Clarence Davis

No. 28
- Position: Running back

Personal information
- Born: June 28, 1949 (age 77) Birmingham, Alabama, U.S.
- Listed height: 5 ft 10 in (1.78 m)
- Listed weight: 195 lb (88 kg)

Career information
- High school: Washington Prep (Los Angeles, California)
- College: USC
- NFL draft: 1971: 4th round, 97th overall pick

Career history
- Oakland Raiders (1971–1978);

Awards and highlights
- Super Bowl champion (XI); Second-team All-American (1969); 2× First-team All-Pac-8 (1969, 1970);

Career NFL statistics
- Rushing attempts: 804
- Rushing yards: 3,640
- Total TDs: 28
- Return yards: 2,140
- Stats at Pro Football Reference

= Clarence Davis =

American football player (born 1949)

Clarence Eugene Davis (born June 28, 1949) is an American former professional football player who was a running back for eight seasons with the Oakland Raiders of the National Football League (NFL) from 1971 to 1978. He played college football for the USC Trojans. He won an NFL championship with the Raiders, winning Super Bowl XI.

==Early life==
Davis was born in Birmingham, Alabama, on June 28, 1949. He attended Washington Preparatory High School in Los Angeles. He then studied at the University of Southern California, where he played for the USC Trojans from 1969 to 1970.

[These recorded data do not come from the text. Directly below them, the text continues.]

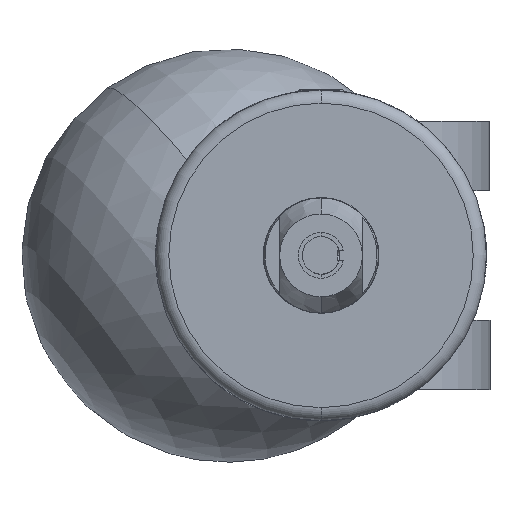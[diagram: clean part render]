
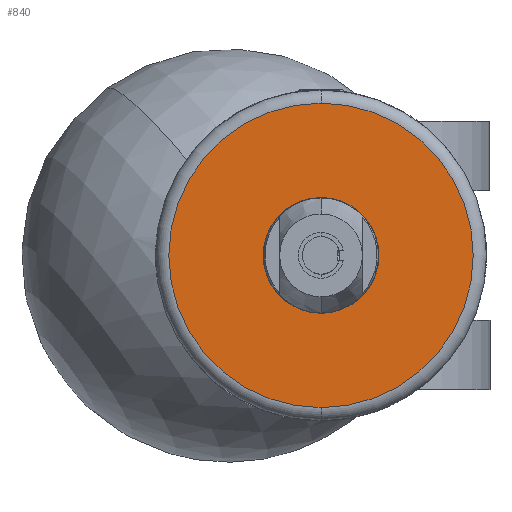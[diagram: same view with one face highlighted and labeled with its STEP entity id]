
A CAD part, left-side view. The second image highlights one B-rep face of the part: STEP entity #840.
In plain terms, the highlighted planar face has unit normal (-1, 0, 0).
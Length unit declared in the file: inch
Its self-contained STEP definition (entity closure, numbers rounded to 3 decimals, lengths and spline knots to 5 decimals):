
#644 = ORIENTED_EDGE ( 'NONE', *, *, #702, .F. ) ;
#683 = DIRECTION ( 'NONE',  ( 0., 0., -1. ) ) ;
#702 = EDGE_CURVE ( 'NONE', #8624, #7988, #5386, .T. ) ;
#840 = ADVANCED_FACE ( 'NONE', ( #4638, #10592 ), #7634, .F. ) ;
#930 = AXIS2_PLACEMENT_3D ( 'NONE', #4192, #8193, #3167 ) ;
#1773 = AXIS2_PLACEMENT_3D ( 'NONE', #5587, #10703, #7484 ) ;
#1835 = CARTESIAN_POINT ( 'NONE',  ( -0.0265, 0., -0.46 ) ) ;
#2264 = EDGE_CURVE ( 'NONE', #11838, #10077, #6937, .T. ) ;
#2755 = CARTESIAN_POINT ( 'NONE',  ( -0.0265, 0.5, 0. ) ) ;
#3167 = DIRECTION ( 'NONE',  ( 0., 0., -1. ) ) ;
#3301 = CARTESIAN_POINT ( 'NONE',  ( -0.0265, 0., 0. ) ) ;
#3312 = EDGE_LOOP ( 'NONE', ( #6540, #8217 ) ) ;
#3543 = DIRECTION ( 'NONE',  ( -1., 0., 0. ) ) ;
#3724 = CARTESIAN_POINT ( 'NONE',  ( -0.0265, 0., 0.46 ) ) ;
#4192 = CARTESIAN_POINT ( 'NONE',  ( -0.0265, 0., 0. ) ) ;
#4381 = DIRECTION ( 'NONE',  ( -1., 0., 0. ) ) ;
#4455 = CIRCLE ( 'NONE', #1773, 0.46 ) ;
#4638 = FACE_BOUND ( 'NONE', #5864, .T. ) ;
#5386 = CIRCLE ( 'NONE', #7461, 0.0805 ) ;
#5587 = CARTESIAN_POINT ( 'NONE',  ( -0.0265, 0., 0. ) ) ;
#5596 = DIRECTION ( 'NONE',  ( 1., 0., 0. ) ) ;
#5734 = CARTESIAN_POINT ( 'NONE',  ( -0.0265, 0., 0. ) ) ;
#5864 = EDGE_LOOP ( 'NONE', ( #644, #11137 ) ) ;
#6331 = DIRECTION ( 'NONE',  ( 0., 0., 1. ) ) ;
#6540 = ORIENTED_EDGE ( 'NONE', *, *, #11815, .T. ) ;
#6937 = CIRCLE ( 'NONE', #930, 0.46 ) ;
#7015 = AXIS2_PLACEMENT_3D ( 'NONE', #3301, #4381, #6331 ) ;
#7100 = EDGE_CURVE ( 'NONE', #7988, #8624, #9957, .T. ) ;
#7461 = AXIS2_PLACEMENT_3D ( 'NONE', #5734, #3543, #7708 ) ;
#7484 = DIRECTION ( 'NONE',  ( 0., 0., -1. ) ) ;
#7634 = PLANE ( 'NONE',  #12798 ) ;
#7708 = DIRECTION ( 'NONE',  ( 0., 0., 1. ) ) ;
#7988 = VERTEX_POINT ( 'NONE', #8452 ) ;
#8193 = DIRECTION ( 'NONE',  ( -1., 0., 0. ) ) ;
#8217 = ORIENTED_EDGE ( 'NONE', *, *, #2264, .T. ) ;
#8452 = CARTESIAN_POINT ( 'NONE',  ( -0.0265, 0., -0.0805 ) ) ;
#8624 = VERTEX_POINT ( 'NONE', #10180 ) ;
#9957 = CIRCLE ( 'NONE', #7015, 0.0805 ) ;
#10077 = VERTEX_POINT ( 'NONE', #1835 ) ;
#10180 = CARTESIAN_POINT ( 'NONE',  ( -0.0265, 0., 0.0805 ) ) ;
#10592 = FACE_OUTER_BOUND ( 'NONE', #3312, .T. ) ;
#10703 = DIRECTION ( 'NONE',  ( -1., 0., 0. ) ) ;
#11137 = ORIENTED_EDGE ( 'NONE', *, *, #7100, .F. ) ;
#11815 = EDGE_CURVE ( 'NONE', #10077, #11838, #4455, .T. ) ;
#11838 = VERTEX_POINT ( 'NONE', #3724 ) ;
#12798 = AXIS2_PLACEMENT_3D ( 'NONE', #2755, #5596, #683 ) ;

In 1969, his junior year, Davis led the Pac-8 Conference in rushing yards (1,275), rushing attempts (282), rushing touchdowns (9), plays from scrimmage (284), and yards from scrimmage (1,287), through ten games. Davis also rushed for 76 yards on 15 attempts in the 1970 Rose Bowl game against Michigan, a 10–3 USC victory, in which Davis was the leading rusher. So it has also been reported that Davis had 1,357 yards in 297 rushing attempts in 1969. He was named an All-American in 1969. In 1970, he rushed for 972 yards (second in the Pac-8), led the Pac-8 in rushing touchdowns (9), tied for total touchdowns (11), and tied for the lead in points scored (66). He was selected twice as All-Pac-8.

In 1970, he was part of USC's "all-black" backfield (the first one of its kind in Division I (NCAA) history), that included fullback Sam Cunningham and quarterback Jimmy Jones. Davis was one of the five USC African American starters (along with Sam Cunningham, Jimmy Jones, Charlie Weaver and Tody Smith), that played against an all-white University of Alabama football team, winning 42–21 in Birmingham on September 12, 1970. This game was historically significant, because it played a key role in convincing the University of Alabama and its fan base to accelerate the integration of its football team.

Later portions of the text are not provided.